According to the model developed by Algolritmo, these are the chances of each team winning the World Cup:

According to our model, the main candidate to win the tournament in Russia is Brazil. The Brazilian squad has improved enormously since the arrival of coach Tite and stands out as one of the favourites to lift the trophy and win the sixth title (“Hexa”). As expected, the other teams with strong chances of winning the World Cup are Germany, France, Spain, Argentina, and Belgium. There is of course a great deal of unpredictability in a short tournament like the World Cup, but it is very unlikely that the champion will come from outside the teams listed above.

What is your prediction for this eagerly awaited World Cup? Are you, like Algolritmo, confident that Brazil will bring home the Hexa? In your opinion, who are the main rivals and possible obstacles?
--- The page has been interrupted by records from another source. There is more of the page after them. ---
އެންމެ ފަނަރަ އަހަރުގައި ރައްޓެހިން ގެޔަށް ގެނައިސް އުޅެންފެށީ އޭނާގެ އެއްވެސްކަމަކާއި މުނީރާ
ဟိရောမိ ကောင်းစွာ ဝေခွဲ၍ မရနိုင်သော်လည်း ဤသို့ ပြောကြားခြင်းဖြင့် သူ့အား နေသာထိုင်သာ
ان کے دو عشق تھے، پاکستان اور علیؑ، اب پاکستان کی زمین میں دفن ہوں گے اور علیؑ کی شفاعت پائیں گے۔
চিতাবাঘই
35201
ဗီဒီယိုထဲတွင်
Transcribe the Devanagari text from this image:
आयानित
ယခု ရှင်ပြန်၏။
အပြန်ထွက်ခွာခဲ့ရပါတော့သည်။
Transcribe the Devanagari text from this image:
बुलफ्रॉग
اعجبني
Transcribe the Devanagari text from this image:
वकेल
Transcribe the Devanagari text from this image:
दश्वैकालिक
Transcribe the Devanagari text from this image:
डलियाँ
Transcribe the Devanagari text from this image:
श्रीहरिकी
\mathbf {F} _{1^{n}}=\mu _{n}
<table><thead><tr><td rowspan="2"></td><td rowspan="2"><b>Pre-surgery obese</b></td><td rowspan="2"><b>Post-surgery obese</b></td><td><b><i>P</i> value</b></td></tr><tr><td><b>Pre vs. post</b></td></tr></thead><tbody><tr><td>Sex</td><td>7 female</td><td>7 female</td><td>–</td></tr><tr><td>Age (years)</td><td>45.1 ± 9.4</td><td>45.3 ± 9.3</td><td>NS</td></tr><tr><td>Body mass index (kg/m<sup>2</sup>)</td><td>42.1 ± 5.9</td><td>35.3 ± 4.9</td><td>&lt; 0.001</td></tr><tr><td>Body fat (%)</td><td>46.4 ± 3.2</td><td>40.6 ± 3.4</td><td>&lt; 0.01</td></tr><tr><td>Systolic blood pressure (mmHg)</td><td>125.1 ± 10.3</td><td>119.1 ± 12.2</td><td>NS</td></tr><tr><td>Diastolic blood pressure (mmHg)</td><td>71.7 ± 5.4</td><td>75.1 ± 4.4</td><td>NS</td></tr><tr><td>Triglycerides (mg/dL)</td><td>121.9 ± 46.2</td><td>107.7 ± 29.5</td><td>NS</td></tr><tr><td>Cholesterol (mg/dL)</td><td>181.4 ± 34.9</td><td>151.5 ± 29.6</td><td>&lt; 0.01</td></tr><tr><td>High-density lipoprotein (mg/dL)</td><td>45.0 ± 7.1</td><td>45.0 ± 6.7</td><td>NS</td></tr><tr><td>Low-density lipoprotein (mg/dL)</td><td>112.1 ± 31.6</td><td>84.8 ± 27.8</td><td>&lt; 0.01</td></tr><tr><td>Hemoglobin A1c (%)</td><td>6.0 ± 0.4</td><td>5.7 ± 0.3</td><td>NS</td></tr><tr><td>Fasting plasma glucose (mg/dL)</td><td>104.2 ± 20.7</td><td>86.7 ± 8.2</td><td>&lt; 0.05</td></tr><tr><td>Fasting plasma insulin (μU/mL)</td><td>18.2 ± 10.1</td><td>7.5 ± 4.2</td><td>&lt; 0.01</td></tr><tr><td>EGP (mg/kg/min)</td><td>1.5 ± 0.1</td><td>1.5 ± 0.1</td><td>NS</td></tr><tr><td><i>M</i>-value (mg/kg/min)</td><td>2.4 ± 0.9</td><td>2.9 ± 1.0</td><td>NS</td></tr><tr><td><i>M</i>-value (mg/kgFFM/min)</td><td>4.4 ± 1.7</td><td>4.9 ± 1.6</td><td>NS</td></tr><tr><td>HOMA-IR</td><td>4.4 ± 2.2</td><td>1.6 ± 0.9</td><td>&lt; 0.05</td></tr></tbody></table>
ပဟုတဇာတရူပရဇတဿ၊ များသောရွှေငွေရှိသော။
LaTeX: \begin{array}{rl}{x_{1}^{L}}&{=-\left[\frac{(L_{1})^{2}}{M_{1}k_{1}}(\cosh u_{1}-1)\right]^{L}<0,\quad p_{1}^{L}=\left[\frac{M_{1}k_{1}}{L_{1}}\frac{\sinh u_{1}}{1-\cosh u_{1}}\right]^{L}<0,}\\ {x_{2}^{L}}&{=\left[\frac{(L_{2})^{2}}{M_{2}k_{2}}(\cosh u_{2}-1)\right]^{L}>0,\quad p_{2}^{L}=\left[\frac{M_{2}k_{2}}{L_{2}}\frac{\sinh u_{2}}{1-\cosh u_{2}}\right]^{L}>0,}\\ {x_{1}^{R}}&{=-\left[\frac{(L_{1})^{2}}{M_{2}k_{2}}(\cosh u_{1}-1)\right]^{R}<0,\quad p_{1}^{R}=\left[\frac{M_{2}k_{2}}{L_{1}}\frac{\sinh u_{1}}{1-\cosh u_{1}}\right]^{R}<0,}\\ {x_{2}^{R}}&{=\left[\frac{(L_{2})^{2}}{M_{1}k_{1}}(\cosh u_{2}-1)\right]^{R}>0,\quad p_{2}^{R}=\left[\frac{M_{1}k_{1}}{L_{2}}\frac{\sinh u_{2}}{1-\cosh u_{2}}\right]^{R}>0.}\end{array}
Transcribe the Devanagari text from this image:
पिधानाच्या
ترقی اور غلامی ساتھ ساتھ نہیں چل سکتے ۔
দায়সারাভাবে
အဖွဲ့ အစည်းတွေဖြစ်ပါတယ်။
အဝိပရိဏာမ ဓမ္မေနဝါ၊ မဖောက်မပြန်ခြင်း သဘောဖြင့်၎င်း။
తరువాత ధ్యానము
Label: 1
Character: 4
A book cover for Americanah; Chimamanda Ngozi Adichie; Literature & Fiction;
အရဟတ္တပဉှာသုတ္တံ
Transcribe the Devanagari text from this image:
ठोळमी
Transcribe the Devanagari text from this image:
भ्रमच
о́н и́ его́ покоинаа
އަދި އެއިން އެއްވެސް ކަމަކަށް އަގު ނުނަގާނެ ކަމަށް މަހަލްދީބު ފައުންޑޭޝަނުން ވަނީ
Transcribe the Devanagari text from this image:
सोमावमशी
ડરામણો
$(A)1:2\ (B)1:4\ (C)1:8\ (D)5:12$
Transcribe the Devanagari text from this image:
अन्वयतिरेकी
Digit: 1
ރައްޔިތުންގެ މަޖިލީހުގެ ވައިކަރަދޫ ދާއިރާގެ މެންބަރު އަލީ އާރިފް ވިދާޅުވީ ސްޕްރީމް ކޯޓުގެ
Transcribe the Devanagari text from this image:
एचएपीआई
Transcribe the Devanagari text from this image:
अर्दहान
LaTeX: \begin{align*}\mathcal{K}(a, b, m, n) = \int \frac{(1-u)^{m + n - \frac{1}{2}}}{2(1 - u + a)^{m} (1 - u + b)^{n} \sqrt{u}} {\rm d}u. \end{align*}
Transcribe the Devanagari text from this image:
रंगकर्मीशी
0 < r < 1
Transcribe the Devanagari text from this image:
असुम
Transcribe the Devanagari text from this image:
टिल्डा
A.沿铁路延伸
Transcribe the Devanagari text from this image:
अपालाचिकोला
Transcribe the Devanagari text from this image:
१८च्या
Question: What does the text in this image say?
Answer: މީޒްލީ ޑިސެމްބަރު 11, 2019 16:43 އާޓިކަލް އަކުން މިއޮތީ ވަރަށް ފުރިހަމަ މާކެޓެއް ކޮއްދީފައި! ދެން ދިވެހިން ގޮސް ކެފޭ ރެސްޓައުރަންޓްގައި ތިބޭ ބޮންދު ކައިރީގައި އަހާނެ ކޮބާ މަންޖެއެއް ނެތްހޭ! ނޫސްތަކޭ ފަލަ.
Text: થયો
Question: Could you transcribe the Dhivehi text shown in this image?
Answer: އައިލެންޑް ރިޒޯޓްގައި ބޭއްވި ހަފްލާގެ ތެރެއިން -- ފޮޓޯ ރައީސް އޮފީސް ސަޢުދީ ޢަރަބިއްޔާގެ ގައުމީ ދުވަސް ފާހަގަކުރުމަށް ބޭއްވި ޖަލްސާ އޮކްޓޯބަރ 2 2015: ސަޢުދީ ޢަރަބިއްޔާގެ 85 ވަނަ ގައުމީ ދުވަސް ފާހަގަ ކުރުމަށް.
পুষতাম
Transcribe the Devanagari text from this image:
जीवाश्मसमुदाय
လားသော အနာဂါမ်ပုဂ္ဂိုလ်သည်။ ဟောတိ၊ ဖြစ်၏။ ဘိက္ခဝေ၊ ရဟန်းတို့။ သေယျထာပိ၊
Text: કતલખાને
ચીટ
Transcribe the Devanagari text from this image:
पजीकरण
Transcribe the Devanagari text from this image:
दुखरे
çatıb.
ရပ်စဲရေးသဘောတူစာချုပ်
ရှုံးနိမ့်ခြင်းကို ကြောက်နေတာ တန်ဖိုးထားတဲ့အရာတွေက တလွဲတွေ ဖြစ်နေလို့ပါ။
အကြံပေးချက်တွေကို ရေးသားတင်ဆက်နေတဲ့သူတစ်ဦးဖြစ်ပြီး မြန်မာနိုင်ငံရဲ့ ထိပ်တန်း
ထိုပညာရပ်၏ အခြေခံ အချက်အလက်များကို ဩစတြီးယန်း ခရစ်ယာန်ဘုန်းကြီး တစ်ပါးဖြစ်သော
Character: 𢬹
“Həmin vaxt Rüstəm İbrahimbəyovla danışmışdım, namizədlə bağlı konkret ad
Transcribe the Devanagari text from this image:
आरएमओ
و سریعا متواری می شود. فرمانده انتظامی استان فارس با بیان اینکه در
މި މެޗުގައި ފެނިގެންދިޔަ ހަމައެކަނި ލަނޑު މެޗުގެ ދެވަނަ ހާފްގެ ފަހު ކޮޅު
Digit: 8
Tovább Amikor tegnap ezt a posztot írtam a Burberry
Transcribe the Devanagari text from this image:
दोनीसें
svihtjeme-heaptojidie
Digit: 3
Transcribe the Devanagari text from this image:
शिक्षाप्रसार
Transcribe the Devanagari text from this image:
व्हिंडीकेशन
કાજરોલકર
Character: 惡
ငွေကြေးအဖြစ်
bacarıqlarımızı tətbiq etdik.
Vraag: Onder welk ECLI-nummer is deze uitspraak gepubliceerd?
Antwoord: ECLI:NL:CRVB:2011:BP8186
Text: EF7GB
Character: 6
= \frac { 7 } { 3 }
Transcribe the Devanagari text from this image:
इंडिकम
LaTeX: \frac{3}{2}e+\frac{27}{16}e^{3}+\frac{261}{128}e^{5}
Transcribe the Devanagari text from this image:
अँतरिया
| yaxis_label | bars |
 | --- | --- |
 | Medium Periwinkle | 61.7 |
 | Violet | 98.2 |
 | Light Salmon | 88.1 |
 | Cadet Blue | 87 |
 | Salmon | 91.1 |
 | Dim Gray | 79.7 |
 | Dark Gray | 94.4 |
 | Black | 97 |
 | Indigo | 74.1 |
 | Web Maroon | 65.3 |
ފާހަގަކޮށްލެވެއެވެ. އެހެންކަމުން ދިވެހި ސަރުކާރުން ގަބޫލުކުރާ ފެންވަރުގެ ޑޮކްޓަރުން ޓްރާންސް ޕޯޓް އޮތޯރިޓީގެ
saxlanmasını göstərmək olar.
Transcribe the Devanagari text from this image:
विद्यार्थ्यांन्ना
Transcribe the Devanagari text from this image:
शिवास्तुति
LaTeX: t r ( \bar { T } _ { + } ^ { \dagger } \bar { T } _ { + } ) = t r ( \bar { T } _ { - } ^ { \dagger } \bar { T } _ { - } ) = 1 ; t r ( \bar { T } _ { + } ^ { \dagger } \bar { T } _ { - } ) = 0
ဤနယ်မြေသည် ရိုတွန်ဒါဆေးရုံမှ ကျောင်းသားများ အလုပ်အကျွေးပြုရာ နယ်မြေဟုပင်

If you want to understand in more detail how the probabilities above were calculated, here is the model explanation:

Model Assumptions:

  • Friendlies carry less importance than official competition matches when assessing a team’s quality.
  • Recent matches are more relevant than those played in the more distant past.
  • Games against stronger, more traditional opponents are more significant than games against weaker, less established teams. For example, winning 3–0 against Argentina is more impressive than thrashing San Marino 5–0.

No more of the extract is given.